+++ DATA EXCERPTS +++
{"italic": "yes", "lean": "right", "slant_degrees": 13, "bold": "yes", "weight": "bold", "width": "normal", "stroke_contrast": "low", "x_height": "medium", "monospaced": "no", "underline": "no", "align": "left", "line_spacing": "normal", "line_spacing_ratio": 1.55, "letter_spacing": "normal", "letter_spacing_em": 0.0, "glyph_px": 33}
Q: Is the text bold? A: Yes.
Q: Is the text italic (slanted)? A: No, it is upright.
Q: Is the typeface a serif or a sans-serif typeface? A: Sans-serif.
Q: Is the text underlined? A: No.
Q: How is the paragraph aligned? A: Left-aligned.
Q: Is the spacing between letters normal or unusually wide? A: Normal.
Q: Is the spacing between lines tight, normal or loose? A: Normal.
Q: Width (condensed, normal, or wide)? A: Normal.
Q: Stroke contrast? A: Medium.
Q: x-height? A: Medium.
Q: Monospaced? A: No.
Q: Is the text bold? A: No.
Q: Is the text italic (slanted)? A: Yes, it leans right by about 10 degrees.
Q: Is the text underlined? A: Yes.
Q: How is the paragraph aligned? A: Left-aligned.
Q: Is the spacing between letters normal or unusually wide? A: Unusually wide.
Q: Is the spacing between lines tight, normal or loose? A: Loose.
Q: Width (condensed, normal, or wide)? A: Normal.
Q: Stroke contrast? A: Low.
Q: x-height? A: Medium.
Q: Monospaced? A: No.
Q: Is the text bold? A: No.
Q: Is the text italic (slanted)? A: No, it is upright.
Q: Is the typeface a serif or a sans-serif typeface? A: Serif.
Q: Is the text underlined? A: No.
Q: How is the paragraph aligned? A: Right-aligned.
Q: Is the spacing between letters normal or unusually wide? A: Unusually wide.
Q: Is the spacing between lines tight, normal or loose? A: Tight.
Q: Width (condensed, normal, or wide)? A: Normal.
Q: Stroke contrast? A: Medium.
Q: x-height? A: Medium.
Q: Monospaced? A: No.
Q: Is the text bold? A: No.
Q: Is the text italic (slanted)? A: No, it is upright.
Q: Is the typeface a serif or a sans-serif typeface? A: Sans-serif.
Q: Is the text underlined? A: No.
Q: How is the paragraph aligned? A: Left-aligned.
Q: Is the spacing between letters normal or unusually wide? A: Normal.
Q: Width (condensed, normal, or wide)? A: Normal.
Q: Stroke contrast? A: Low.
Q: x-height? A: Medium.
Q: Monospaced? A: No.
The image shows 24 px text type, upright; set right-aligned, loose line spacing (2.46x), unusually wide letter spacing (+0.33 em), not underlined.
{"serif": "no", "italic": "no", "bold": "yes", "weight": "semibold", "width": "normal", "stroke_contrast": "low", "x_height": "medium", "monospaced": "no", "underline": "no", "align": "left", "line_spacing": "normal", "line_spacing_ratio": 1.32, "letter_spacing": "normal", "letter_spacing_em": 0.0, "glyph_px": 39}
+++
+++ DATA EXCERPTS +++
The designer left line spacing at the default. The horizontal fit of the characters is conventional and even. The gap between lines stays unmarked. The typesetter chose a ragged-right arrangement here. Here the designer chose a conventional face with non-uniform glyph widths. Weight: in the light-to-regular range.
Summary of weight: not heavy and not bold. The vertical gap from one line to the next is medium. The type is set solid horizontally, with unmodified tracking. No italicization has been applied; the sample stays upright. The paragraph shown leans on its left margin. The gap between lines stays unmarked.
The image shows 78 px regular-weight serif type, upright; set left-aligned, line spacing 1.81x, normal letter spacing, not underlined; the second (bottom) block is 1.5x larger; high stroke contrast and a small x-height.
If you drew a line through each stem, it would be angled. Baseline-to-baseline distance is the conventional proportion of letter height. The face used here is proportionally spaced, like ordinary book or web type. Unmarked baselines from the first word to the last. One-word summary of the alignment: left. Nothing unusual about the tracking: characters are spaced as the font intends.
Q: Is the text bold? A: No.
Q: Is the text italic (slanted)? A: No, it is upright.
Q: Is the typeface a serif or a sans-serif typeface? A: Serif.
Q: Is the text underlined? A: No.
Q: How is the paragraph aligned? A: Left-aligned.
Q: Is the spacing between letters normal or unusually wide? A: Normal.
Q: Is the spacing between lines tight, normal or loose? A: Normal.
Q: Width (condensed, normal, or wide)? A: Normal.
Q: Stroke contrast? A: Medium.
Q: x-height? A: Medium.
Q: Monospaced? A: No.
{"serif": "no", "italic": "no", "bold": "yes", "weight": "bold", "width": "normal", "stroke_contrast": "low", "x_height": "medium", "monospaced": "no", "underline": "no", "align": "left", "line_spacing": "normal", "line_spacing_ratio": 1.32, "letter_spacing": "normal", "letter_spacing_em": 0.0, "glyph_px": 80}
+++
## TASK GOAL
Pick out the lines above containing the word "shows", then copy them.

## OUTPUT FOR THIS TASK
The image shows 24 px text type, upright; set right-aligned, loose line spacing (2.46x), unusually wide letter spacing (+0.33 em), not underlined.
The image shows 78 px regular-weight serif type, upright; set left-aligned, line spacing 1.81x, normal letter spacing, not underlined; the second (bottom) block is 1.5x larger; high stroke contrast and a small x-height.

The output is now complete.